Predictors of death in the combined group of participants were vertebral fracture (first year after fracture adjusted HR 3.00, 95% CI 1.10–8.17; second year after fracture adjusted HR 2.78, 95% CI 1.23–6.31) and hip fracture (first year adjusted HR 3.52, 95% CI 1.54–8.03). Other predictors of death in the combined group were age (adjusted HR 0.90, 95% CI 0.85–0.95); some university education (adjusted HR 0.65, 95% CI 0.51–0.82); being female (adjusted HR 0.46, 95% CI 0.39–0.55); having 4 or more diseases (adjusted HR 1.73, 95% CI 1.25–2.38); caffeine intake more than 100 mg/day (adjusted HR 0.96, 95% CI 0.92–0.99); no regular physical activity (adjusted HR 1.33, 95% CI 1.11–1.58); current smoker (adjusted HR 2.30, 95% CI 1.85–2.86); and a score of 10 points on the SF-36 standardized physical subscale (adjusted HR 0.73, 95% CI 0.67–0.80). “Other” fractures were a predictor of death in the fourth or fifth year after fracture in the combined group (adjusted HR 0.13, 95% CI 0.02–0.90) (Appendix 3, available at www.cmaj.ca/cgi/content/full/cmaj.081720/DC2)

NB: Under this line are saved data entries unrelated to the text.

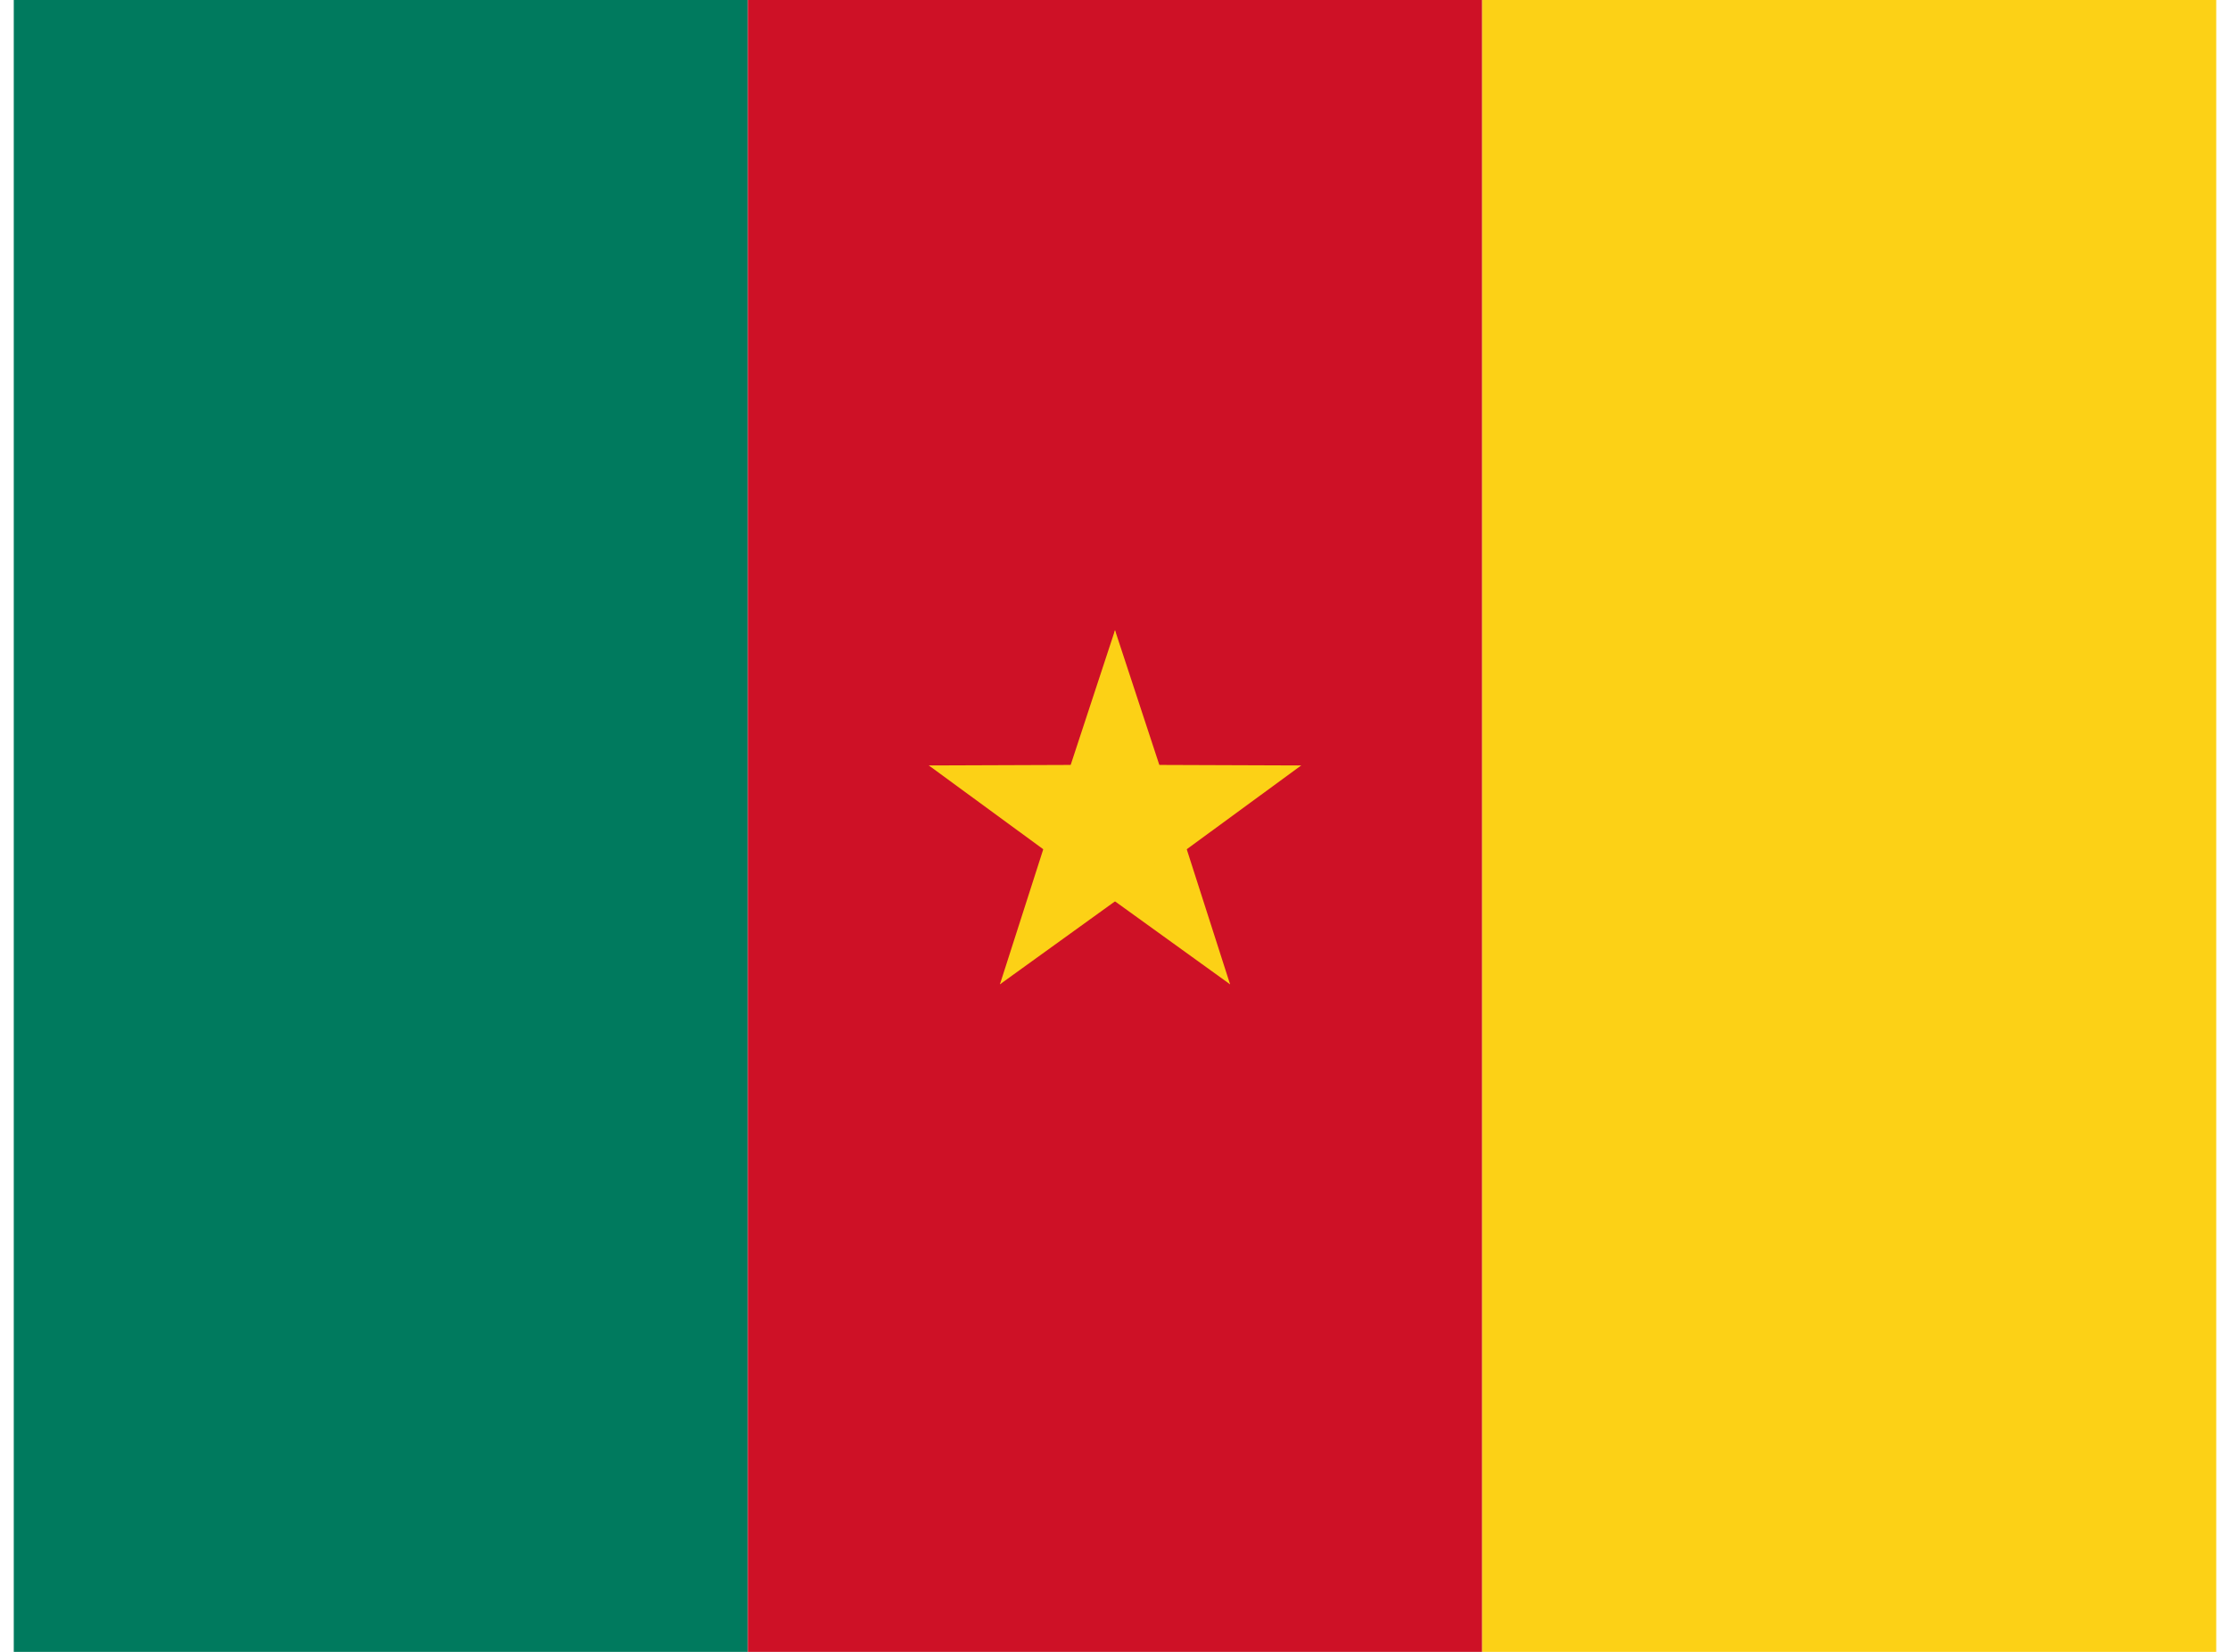 <svg width="81" height="60" viewBox="0 0 81 60" fill="none" xmlns="http://www.w3.org/2000/svg">
<g clip-path="url(#clip0_169_4730)">
<path d="M0.5 0H27.163V60H0.5V0Z" fill="#007A5E"/>
<path d="M27.163 0H53.838V60H27.163V0Z" fill="#CE1126"/>
<path d="M53.837 0H80.5V60H53.837V0Z" fill="#FCD116"/>
<path d="M40.5 22.889L38.278 29.645L41.656 30.8L40.5 22.889Z" fill="#FCD116"/>
<path d="M40.5 22.889L42.722 29.645L39.344 30.8L40.5 22.889Z" fill="#FCD116"/>
<path d="M47.263 27.803L40.151 27.777L40.096 31.346L47.263 27.803Z" fill="#FCD116"/>
<path d="M47.263 27.803L41.525 32.004L39.382 29.148L47.263 27.803Z" fill="#FCD116"/>
<path d="M44.68 35.753L42.507 28.981L39.095 30.032L44.68 35.753Z" fill="#FCD116"/>
<path d="M44.68 35.753L38.911 31.594L40.965 28.674L44.68 35.753Z" fill="#FCD116"/>
<path d="M36.32 35.753L42.089 31.594L40.035 28.674L36.32 35.753Z" fill="#FCD116"/>
<path d="M36.32 35.753L38.493 28.981L41.905 30.032L36.32 35.753Z" fill="#FCD116"/>
<path d="M33.737 27.803L39.475 32.004L41.618 29.148L33.737 27.803Z" fill="#FCD116"/>
<path d="M33.737 27.803L40.849 27.777L40.904 31.346L33.737 27.803Z" fill="#FCD116"/>
</g>
<defs>
<clipPath id="clip0_169_4730">
<rect width="80" height="60" fill="white" transform="translate(0.5)"/>
</clipPath>
</defs>
</svg>

Predictors common to women and men included age (adjusted HR for men 0.91, 95% CI 0.82–0.99; adjusted HR for women 0.89, 95% CI 0.83–0.96); regular physical activity (adjusted HR for men 1.49, 95% CI 1.13–1.96; adjusted HR for women 1.32, 95% CI 1.05–1.66); current smoker (adjusted HR for men 1.76, 95% CI 1.25–2.47; adjusted HR for women 2.71, 95% CI 2.07–3.55); and a score of 10 on the SF-36 standardized physical subscale (adjusted HR for men 0.71, 95% CI 0.62–0.81; adjusted HR for women 0.71, 95% CI 0.64–0.79) (Appendix 3, available at www.cmaj.ca/cgi/content/full/cmaj.081720/DC2).

Interpretation

Our results demonstrated that, among participants aged 50 years and older, those with hip or vertebral fractures were more likely to die during the 5 years of follow-up than were those without these fractures. In addition, our results showed that hip fractures may have long-lasting effects that result in eventual death by signaling or actually inducing a progressive decline in health. Our results also showed that vertebral fracture was an independent predictor of death. Fractures of the forearm or wrist and ribs had no impact on mortality. These findings confirm those from other studies.3,6,8,11,18,19

In contrast to studies that have shown increased mortality among men with fractures than among women with fractures,10,20 our adjusted findings showed no sex-related differences. Perceived differences may be due to other individual characteristics that are not distributed equally among men and women and not controlled for in the analyses.20 For instance, compared with women, men may have poor underlying health, more disease conditions and less social support.20 Nonetheless, our study may have had insufficient power to detect sex-related differences.

The strengths of our study are numerous. The participants were selected randomly from population lists that represent an age-, sex- and region-specific sample of the Canadian population. A large number of women and men across Canada were evaluated, which improves the generalizability of the results. Radiographs were systematically performed at baseline to confirm all prevalent vertebral fractures. We examined several types of osteoporotic fractures, including the infrequently studied pelvic and rib fractures. Furthermore, because mortality and fractures are largely a problem of older people with comorbidities, we adjusted our analysis for factors that may influence mortality, such as the number of diseases, use of medications, health-related habits and quality of life.

The distinct characteristics of our study, which previous studies examining the relation between fracture and mortality have lacked, strengthen our ability to suggest a causal relation between fractures and mortality. First, the strength of the associations was strong, with the majority of significant HRs being about 3. Thus, it is unlikely that the associations were by chance. Temporally, the relation is correct, fractures precede death. In addition, the associations differed depending on the type of fracture. We found that only vertebral and hip fractures were associated with death. Moreover, the relation between fracture and death is biologically plausible, and theories exist as to why fractures cause death. For example, 2 theories have been proposed to clarify the association between hip fractures and death. The first suggests that frail elderly people who have a number of comorbidities will die quickly following a fracture. A hip fracture is simply one event in a series of late-life illnesses that increases such a person’s likelihood of dying. The second theory involves healthy elderly people without notable comorbidities. Such people are better able to endure the initial consequences of a hip fracture because of their superior health and coping abilities. Their progressive decline in health may be caused by a lack of mobility and a loss of strength and muscle mass, which results in increased disability and other negative health consequences.11 Vertebral fractures probably influence death directly because of their association with chronic back pain, immobility and change in posture, which may increase the risk of infection.21 Finally, fractures have been found to have many other negative consequences such as increased pain, immobility and reduced health-related quality of life.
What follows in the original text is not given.